**SOURCE RECORDS**:
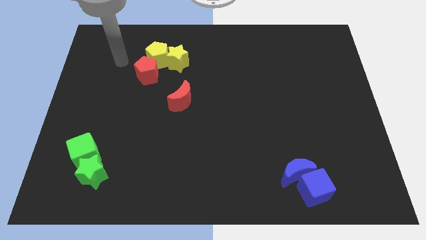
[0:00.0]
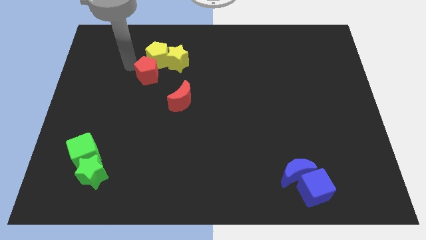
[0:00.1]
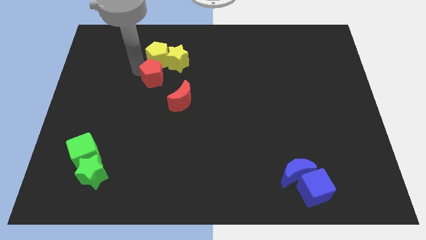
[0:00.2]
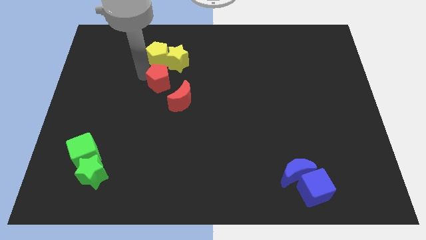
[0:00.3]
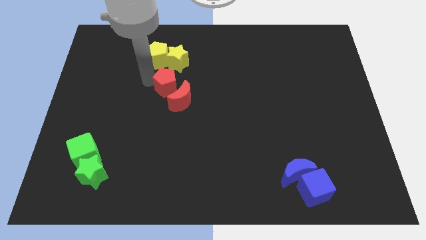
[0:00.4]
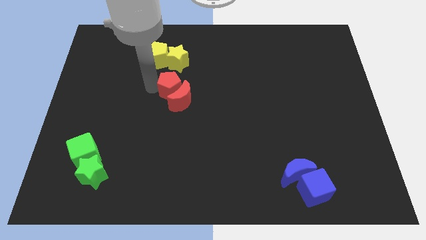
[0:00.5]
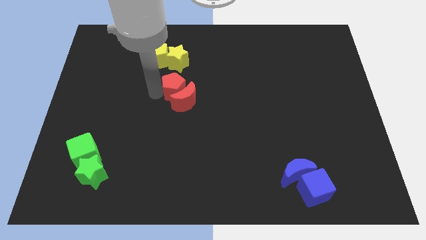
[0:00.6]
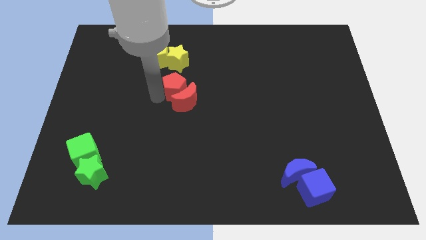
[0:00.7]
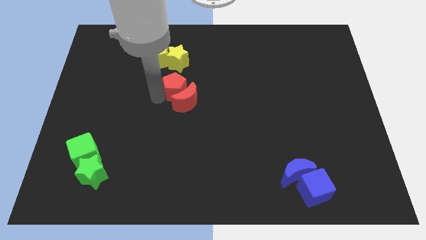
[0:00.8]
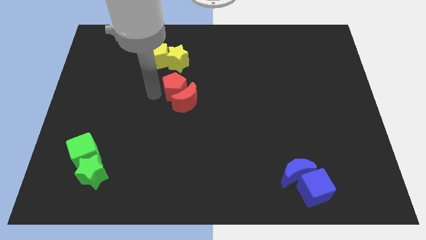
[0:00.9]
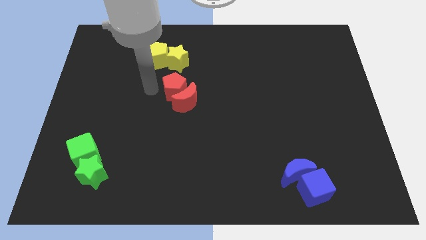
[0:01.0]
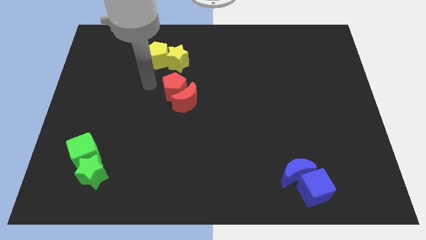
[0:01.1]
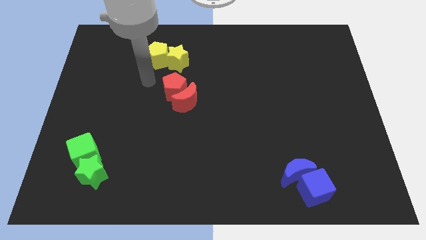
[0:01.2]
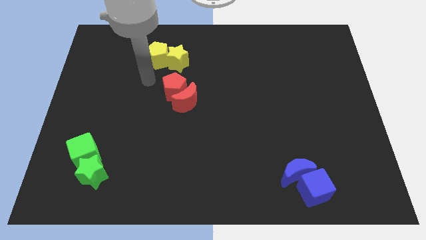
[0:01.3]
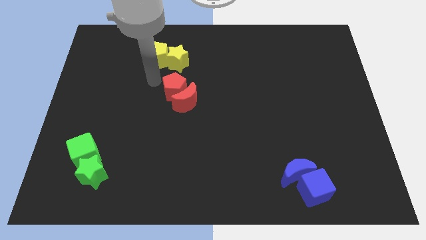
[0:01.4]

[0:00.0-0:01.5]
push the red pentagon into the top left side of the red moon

**TASK TO COMPLETE**:
Repeat every record exactly, but not the pictures.

**EXERCISE ANSWER**:
[0:00.0]
[0:00.1]
[0:00.2]
[0:00.3]
[0:00.4]
[0:00.5]
[0:00.6]
[0:00.7]
[0:00.8]
[0:00.9]
[0:01.0]
[0:01.1]
[0:01.2]
[0:01.3]
[0:01.4]

[0:00.0-0:01.5]
push the red pentagon into the top left side of the red moon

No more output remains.